Disclosure: I was sent this lingerie to review free of charge. All opinions are my own.

I’m one of those people that absolutely despises wearing tights; to me, there’s nothing more uncomfortable than those pinching waistbands and baggy crotches. Discovering stockings and suspenders in my early teens was somewhat of a revelation: all of the comfort that I’d been missing in tights but with added glamour. Consequently, after all these years of stocking wearing, Cervin are actually a brand that I’m pretty familiar with: I’ve lost count of how many pairs of their nylons I’ve worn through. Imagine, therefore, my glee when the brand offered to send me some of their products to review!

Bas Couture Soie Charleston stockings by Cervin

Bas Couture Soie Charleston stockings by Cervin

I was sent a pair of the ‘Bas Couture Soie Charleston’ stockings in size 3 in the Gazelle colourway (retailing at 99 euros, available in sizes 1-6 and in a grey colourway) and the ‘Suspender Belt Boétie’ in a size small in the black colourway (retailing at 54.90 euros, available in sizes XS-XXXL and in ivory or white). Stockings are sized according to height and shoe size: it’s easiest to calculate your size from Cervin’s handy size chart. For reference, I am 170cm tall and wear an EU 39.5 shoe. Although I am technically between sizes, I chose the smaller size so as not to have baggy stockings. The stockings are made in France and the suspender belt is labelled as made in the EU.

Cervin Bas Couture Soie Charleston Stockings and Suspender Belt Boetie. Lingerie by Karolina Laskowska. Photo by A. Lindseth

Cervin Bas Couture Soie Charleston Stockings and Suspender Belt Boetie. Lingerie by Karolina Laskowska. Photo by A. Lindseth

I’ll start by saying that I’ve been lusting after silk stockings for longer than I can remember. I’ve always considered them the pinnacle of luxury legwear, though the high price tag means they’ve firmly remained the stuff of dreams until now. Both pieces arrived in beautiful branded gift boxes, with the stockings encased in carefully folded tissue paper. My first impression was that these stockings are almost impossibly fine; it’s difficult to describe their delicacy without seeing them in person. The fibres are gossamer thin and I was scared to try and handle them with my bare hands: every interaction with these stockings thus far has been accompanied by hosiery gloves!  I’ve worn the stockings a handful of times now (always accompanied with hosiery gloves and moisturised legs) and they appear to have held up well. There’s a few minor snags as would be expected but no real damage.

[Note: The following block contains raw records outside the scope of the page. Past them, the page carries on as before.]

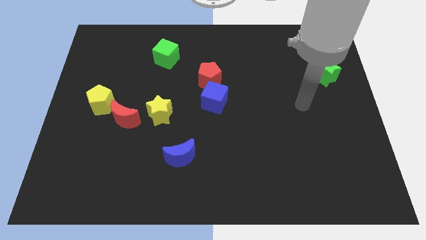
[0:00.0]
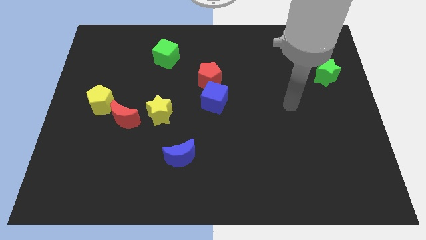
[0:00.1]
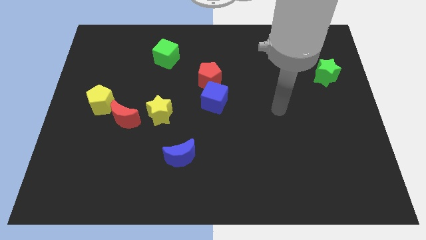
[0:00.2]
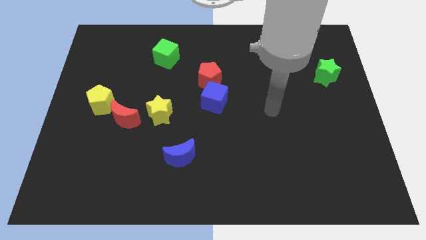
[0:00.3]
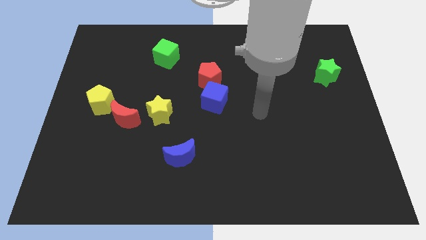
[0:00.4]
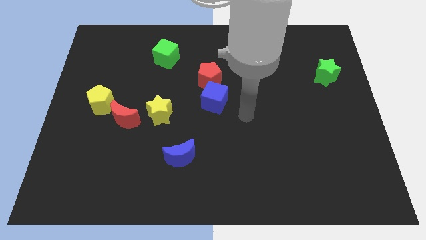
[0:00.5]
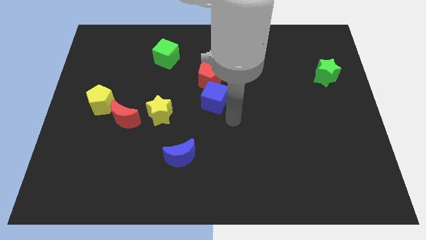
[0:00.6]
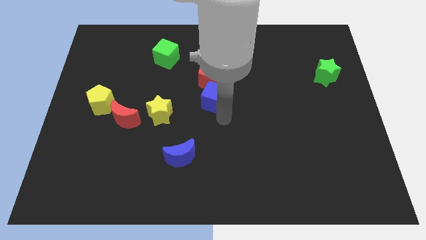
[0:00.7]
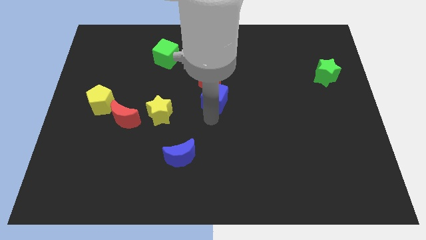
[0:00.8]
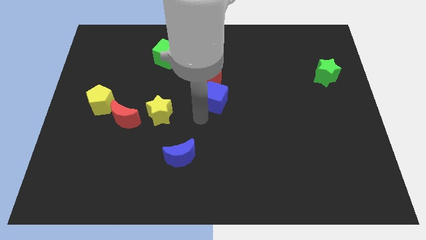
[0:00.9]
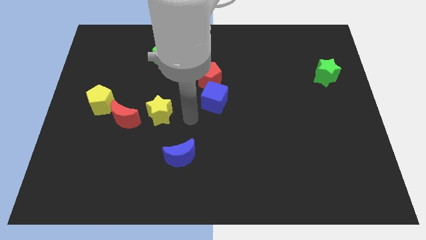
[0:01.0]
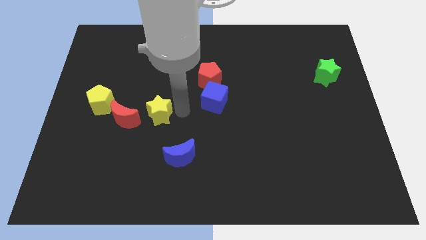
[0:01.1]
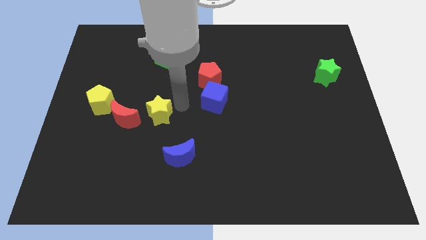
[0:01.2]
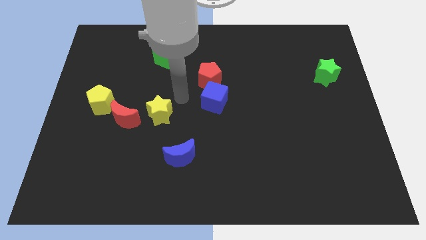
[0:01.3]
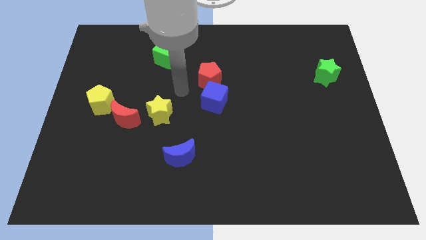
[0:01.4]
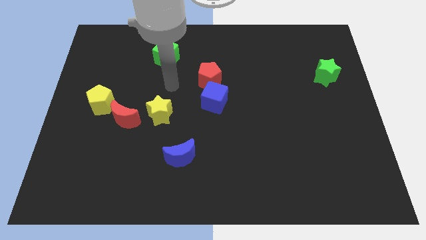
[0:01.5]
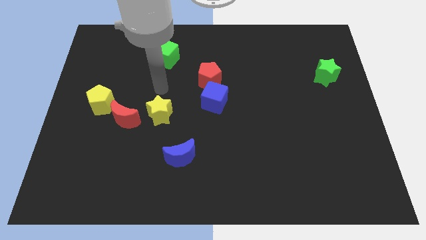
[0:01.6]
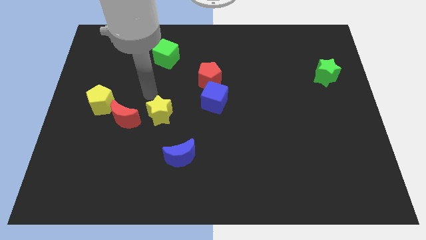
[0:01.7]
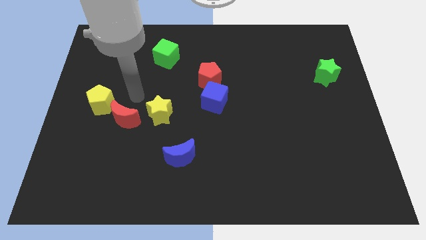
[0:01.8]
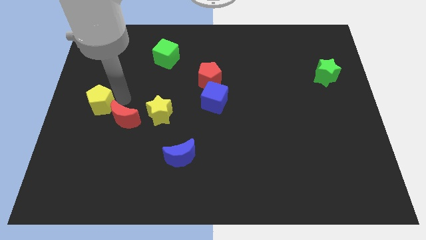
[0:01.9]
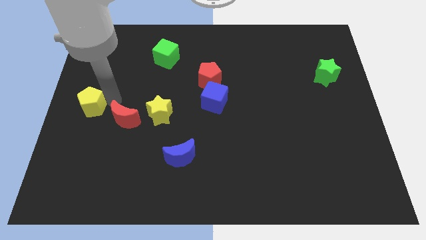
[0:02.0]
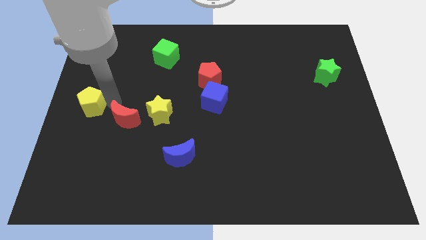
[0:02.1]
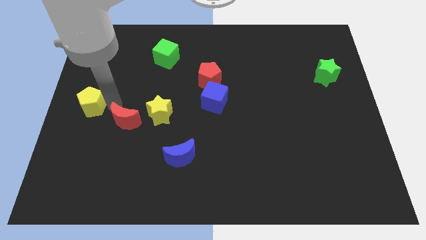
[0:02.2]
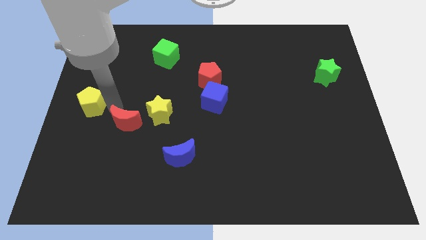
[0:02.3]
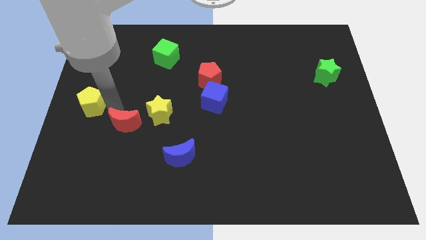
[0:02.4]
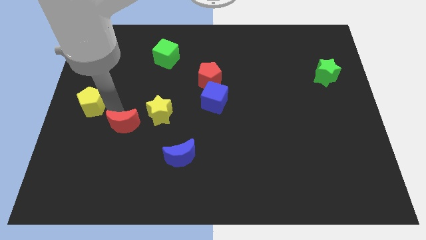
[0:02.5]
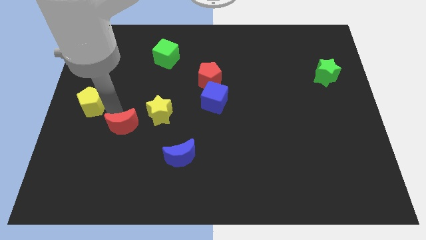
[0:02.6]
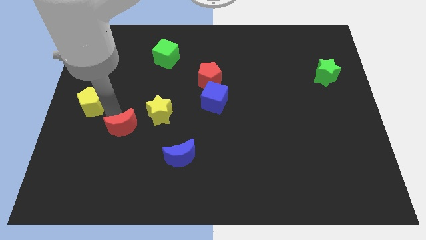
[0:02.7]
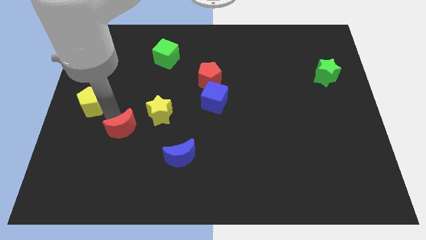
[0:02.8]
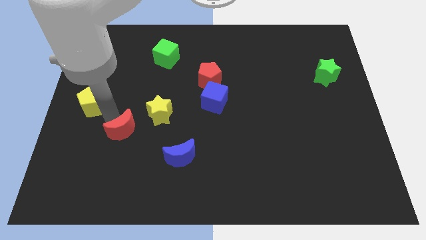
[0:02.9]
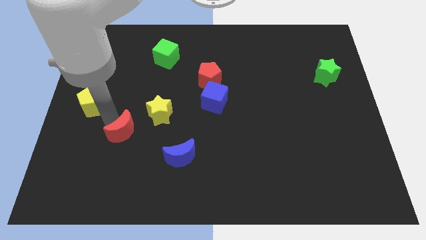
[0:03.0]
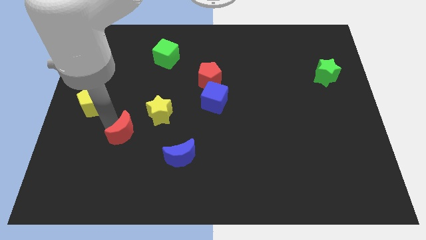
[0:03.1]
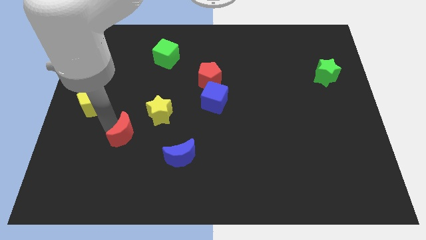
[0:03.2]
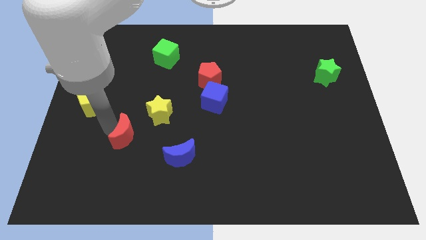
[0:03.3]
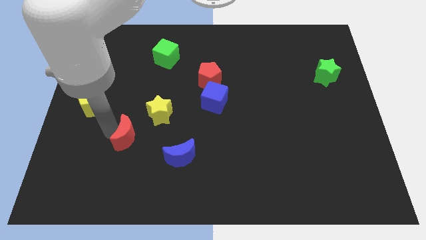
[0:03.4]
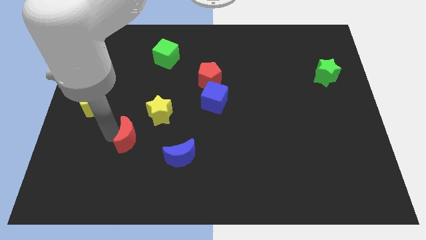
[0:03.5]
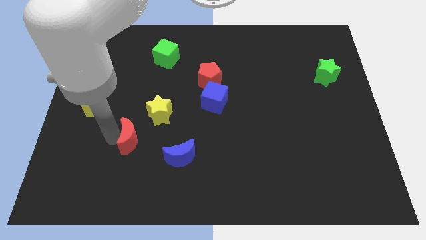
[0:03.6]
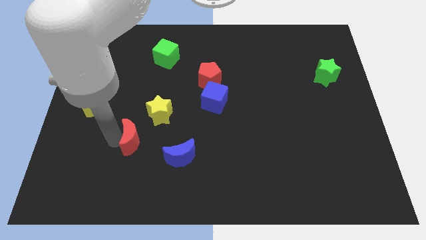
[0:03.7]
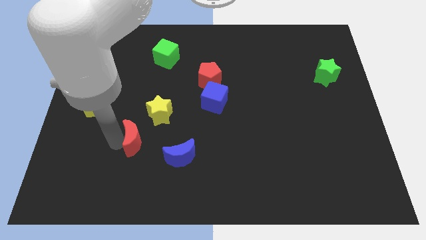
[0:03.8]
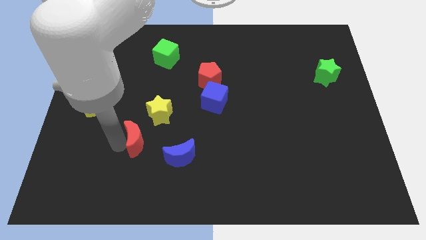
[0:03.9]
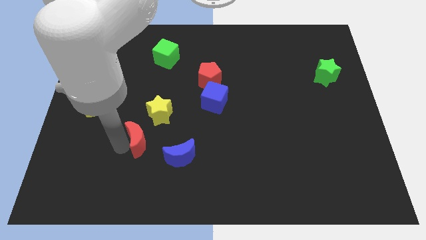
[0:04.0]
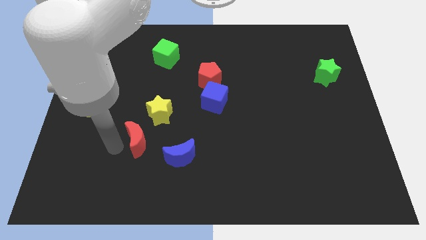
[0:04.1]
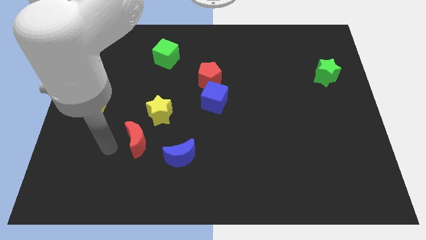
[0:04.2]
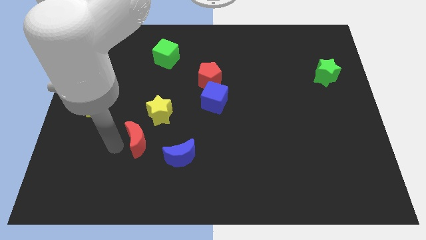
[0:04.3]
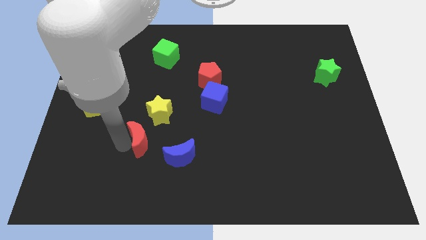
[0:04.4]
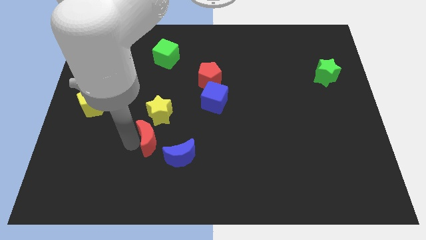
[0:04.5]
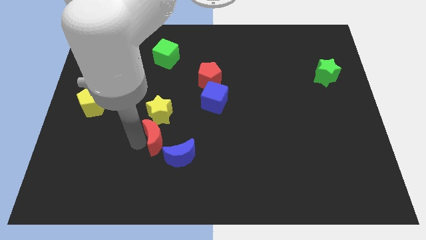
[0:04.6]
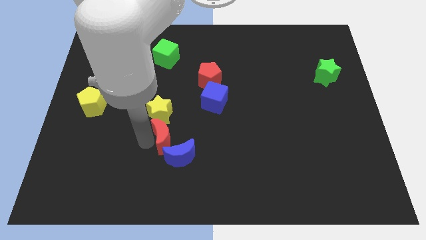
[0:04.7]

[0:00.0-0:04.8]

Cervin Bas Couture Soie Charleston Stockings and Suspender Belt Boetie. Lingerie by Karolina Laskowska. Photo by A. Lindseth

Cervin Bas Couture Soie Charleston Stockings and Suspender Belt Boetie. Lingerie by Karolina Laskowska. Photo by A. Lindseth

The stockings are of the fully fashioned variety, with a traditional back seam, welt and keyhole finish. Fully fashioned stockings have no stretch and very little give: this highlights how important it is to choose the right size as they won’t have the forgiveness of elasticated nylon. The ‘Gazelle’ colourway is almost a dark beige; sadly it’s not the best match for my relatively pale skin and it has almost yellowy undertone to it. The silk fibres themselves are incredibly soft and have a lovely sheen to them. They feel absolutely gorgeous against the skin and are a world apart from traditional nylons.

With regards to fit, these stockings share the unfortunate tendency with all fully fashioneds to go baggy around my ankles; this is not a fault of the product but simply the nature of non-stretch legwear! These stockings also come up very high; whether this is because Cervin’s stockings are intended to be worn that high up on the leg or because their demographic is longer-legged indviduals, I’m not sure. Fortunately I prefer this sort of fit as it’s easier to conceal underneath clothing, but it’s worth noting if you have particularly short legs.

Suspender Belt Boétie by Cervin

Suspender Belt Boétie by Cervin

Moving onto the suspender belt: it’s a fairly unremarkable vintage-inspired suspender, with all the usual features of six straps, wide straps and metal suspender clips. The main fabric is a sturdy black powernet, finished with plush crown-edged elastic on the top and bottom edges. The four seams all have a nylon casing with a plastic bone in, to maintain vertical tension. They also have the benefit of offering a small amount of smoothing/shaping power. Each suspender strap is in a satin finish with a glossy ‘wave’ pattern woven into it. Adjusters and suspender clips are all metal for reliable sturdiness. The suspender belt closes with three rows and columns of hooks and eyes at the centre back and is embellished with a small satin bow at the centre front and each suspender point. Stitching is accurate and sturdy throughout.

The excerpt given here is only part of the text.